Collection entries:
★ ★ ★ ★ ★ ★ ★
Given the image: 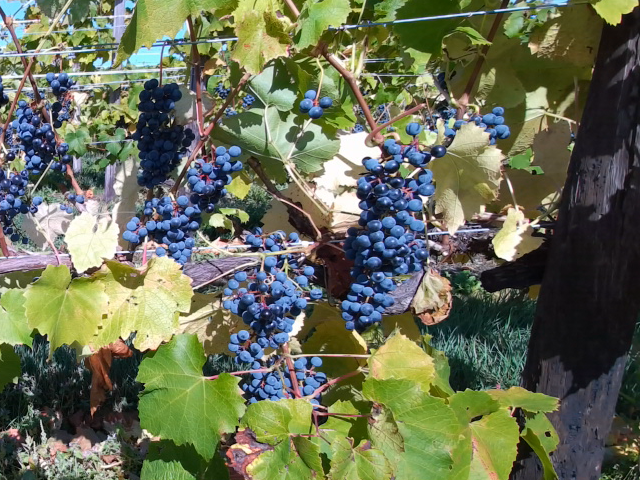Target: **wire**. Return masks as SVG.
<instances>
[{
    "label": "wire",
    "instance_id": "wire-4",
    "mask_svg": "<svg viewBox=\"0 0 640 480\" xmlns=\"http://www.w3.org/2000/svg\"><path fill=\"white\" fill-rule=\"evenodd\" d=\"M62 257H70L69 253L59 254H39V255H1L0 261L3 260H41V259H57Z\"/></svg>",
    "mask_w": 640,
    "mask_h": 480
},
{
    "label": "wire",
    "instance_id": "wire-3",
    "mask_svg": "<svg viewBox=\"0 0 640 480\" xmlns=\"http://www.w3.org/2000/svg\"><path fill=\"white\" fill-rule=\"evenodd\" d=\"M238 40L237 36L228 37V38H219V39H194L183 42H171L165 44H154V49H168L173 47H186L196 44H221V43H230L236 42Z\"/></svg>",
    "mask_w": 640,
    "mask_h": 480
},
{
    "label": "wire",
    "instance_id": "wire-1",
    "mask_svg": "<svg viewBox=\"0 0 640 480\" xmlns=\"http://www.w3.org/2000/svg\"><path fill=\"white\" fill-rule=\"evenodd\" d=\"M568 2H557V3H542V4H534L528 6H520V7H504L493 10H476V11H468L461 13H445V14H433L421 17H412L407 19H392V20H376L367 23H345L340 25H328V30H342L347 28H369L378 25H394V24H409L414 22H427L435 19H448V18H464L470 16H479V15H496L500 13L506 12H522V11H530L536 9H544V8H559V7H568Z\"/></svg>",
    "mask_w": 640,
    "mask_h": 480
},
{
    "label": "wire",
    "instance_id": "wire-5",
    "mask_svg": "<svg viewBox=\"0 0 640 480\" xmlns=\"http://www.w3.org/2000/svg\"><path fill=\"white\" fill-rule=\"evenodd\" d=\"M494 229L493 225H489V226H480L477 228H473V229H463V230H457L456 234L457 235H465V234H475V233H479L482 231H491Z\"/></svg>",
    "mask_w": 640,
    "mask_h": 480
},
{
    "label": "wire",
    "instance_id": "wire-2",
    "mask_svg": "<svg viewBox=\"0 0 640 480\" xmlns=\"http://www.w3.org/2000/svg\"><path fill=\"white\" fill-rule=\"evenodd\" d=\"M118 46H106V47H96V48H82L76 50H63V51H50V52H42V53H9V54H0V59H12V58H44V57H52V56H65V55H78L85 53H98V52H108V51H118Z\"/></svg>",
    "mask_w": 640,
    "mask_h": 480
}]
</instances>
★ ★ ★ ★ ★ ★ ★
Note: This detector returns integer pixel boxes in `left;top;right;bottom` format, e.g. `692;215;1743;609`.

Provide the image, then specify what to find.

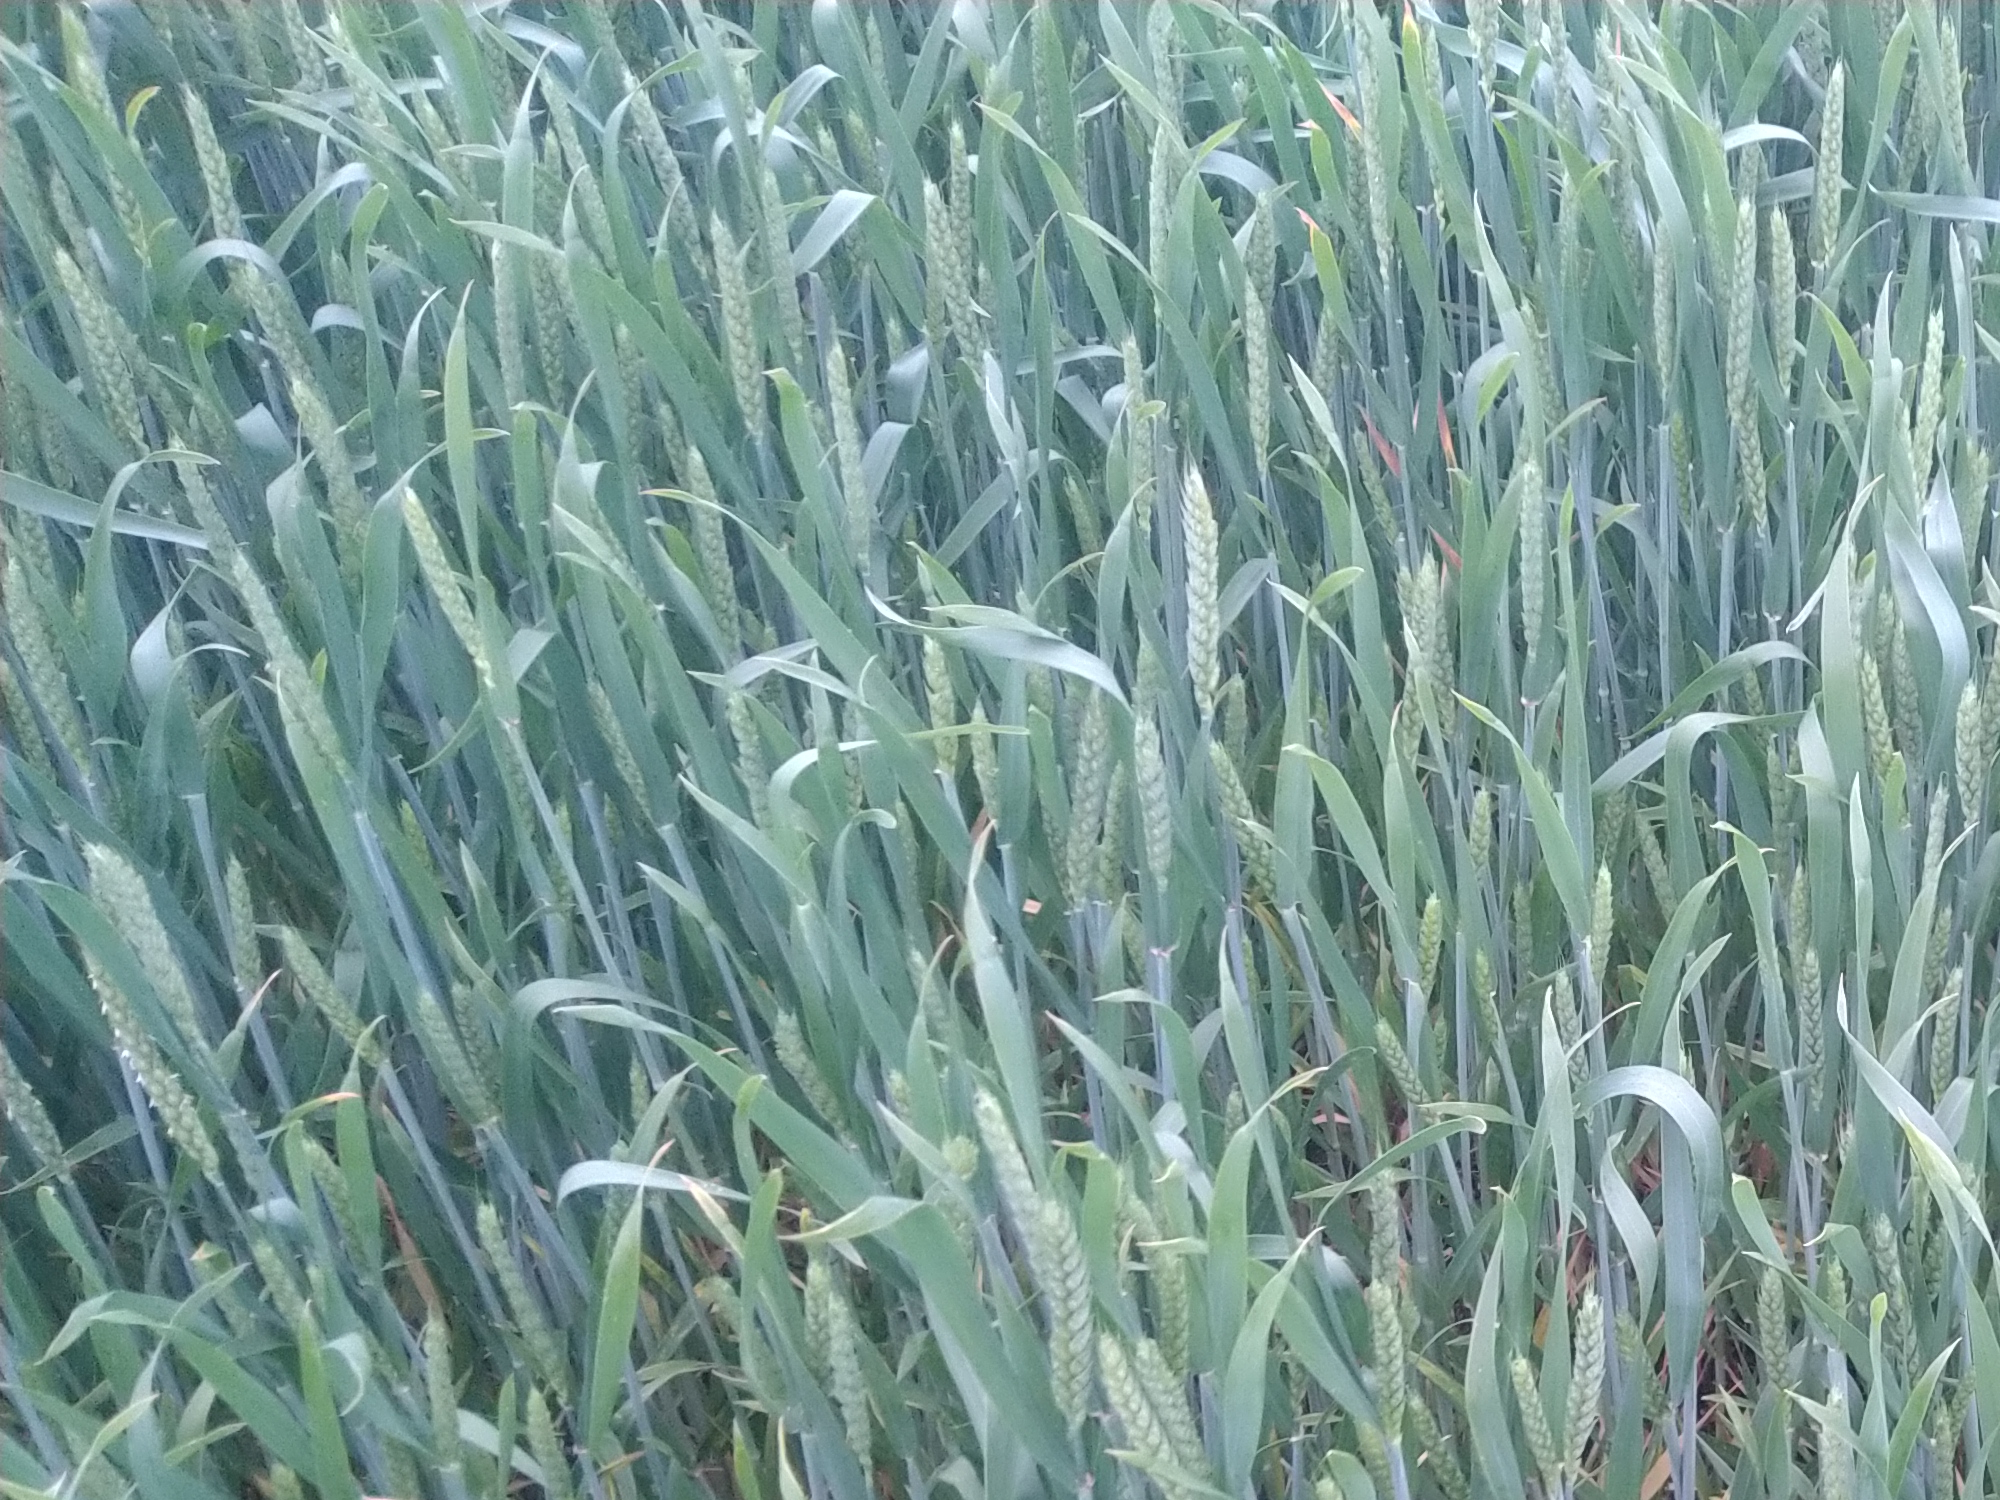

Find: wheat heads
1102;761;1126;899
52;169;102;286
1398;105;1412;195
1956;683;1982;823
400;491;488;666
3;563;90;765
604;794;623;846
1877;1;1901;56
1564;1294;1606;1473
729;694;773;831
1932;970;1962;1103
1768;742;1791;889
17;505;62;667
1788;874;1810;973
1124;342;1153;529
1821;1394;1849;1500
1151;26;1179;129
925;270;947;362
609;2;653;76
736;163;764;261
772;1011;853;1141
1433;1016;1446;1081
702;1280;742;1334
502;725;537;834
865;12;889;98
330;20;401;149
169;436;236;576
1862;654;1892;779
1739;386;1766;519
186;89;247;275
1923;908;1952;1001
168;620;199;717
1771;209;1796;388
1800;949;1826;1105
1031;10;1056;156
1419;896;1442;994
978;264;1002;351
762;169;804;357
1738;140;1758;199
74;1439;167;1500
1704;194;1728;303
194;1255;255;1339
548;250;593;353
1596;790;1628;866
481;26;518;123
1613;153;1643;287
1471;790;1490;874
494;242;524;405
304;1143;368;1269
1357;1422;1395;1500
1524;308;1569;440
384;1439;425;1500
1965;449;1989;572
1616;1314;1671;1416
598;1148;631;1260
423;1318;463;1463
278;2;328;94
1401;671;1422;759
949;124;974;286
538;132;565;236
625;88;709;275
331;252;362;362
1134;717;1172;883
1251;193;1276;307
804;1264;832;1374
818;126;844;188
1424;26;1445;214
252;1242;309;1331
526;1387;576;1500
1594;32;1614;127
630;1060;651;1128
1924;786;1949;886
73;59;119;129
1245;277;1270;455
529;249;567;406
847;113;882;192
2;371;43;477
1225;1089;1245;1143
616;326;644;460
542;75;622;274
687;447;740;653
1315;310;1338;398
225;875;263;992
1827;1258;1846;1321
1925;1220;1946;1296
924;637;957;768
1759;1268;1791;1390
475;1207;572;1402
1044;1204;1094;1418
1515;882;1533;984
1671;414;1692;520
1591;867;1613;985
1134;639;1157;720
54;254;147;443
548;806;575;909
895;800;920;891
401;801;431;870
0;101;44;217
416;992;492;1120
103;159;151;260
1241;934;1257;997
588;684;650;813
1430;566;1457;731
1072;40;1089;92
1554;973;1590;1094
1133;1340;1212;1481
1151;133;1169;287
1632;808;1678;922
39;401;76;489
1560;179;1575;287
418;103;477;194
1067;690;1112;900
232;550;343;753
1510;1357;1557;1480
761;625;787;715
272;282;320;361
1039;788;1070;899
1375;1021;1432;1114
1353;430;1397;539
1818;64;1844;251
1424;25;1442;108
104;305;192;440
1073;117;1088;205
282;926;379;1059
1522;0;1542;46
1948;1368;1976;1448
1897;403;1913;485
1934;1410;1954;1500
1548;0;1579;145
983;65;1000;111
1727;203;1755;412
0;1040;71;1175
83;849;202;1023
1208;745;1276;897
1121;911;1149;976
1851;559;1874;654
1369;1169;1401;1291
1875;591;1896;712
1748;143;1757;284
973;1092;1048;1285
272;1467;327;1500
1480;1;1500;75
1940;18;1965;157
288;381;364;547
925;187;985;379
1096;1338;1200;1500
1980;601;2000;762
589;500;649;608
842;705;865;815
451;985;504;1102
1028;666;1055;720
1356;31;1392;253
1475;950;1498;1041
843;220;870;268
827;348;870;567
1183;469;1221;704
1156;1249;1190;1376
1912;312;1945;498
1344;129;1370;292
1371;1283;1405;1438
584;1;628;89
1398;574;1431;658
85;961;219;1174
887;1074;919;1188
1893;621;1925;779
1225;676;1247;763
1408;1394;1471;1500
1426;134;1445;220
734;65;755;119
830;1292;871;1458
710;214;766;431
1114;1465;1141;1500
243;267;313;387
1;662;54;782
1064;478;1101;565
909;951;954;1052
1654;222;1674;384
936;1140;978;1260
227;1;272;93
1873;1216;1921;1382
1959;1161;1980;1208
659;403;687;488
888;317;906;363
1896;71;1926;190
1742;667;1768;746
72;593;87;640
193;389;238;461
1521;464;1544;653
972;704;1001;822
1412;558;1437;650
★ ★ ★ ★ ★ ★ ★
Problem statement: Would you print exactly, and only, the lines of the data above from the line with "Note: This detector" through the line with "Provide the image, then specify what to find.", inclusive?

Written answer:
Note: This detector returns integer pixel boxes in `left;top;right;bottom` format, e.g. `692;215;1743;609`.

Provide the image, then specify what to find.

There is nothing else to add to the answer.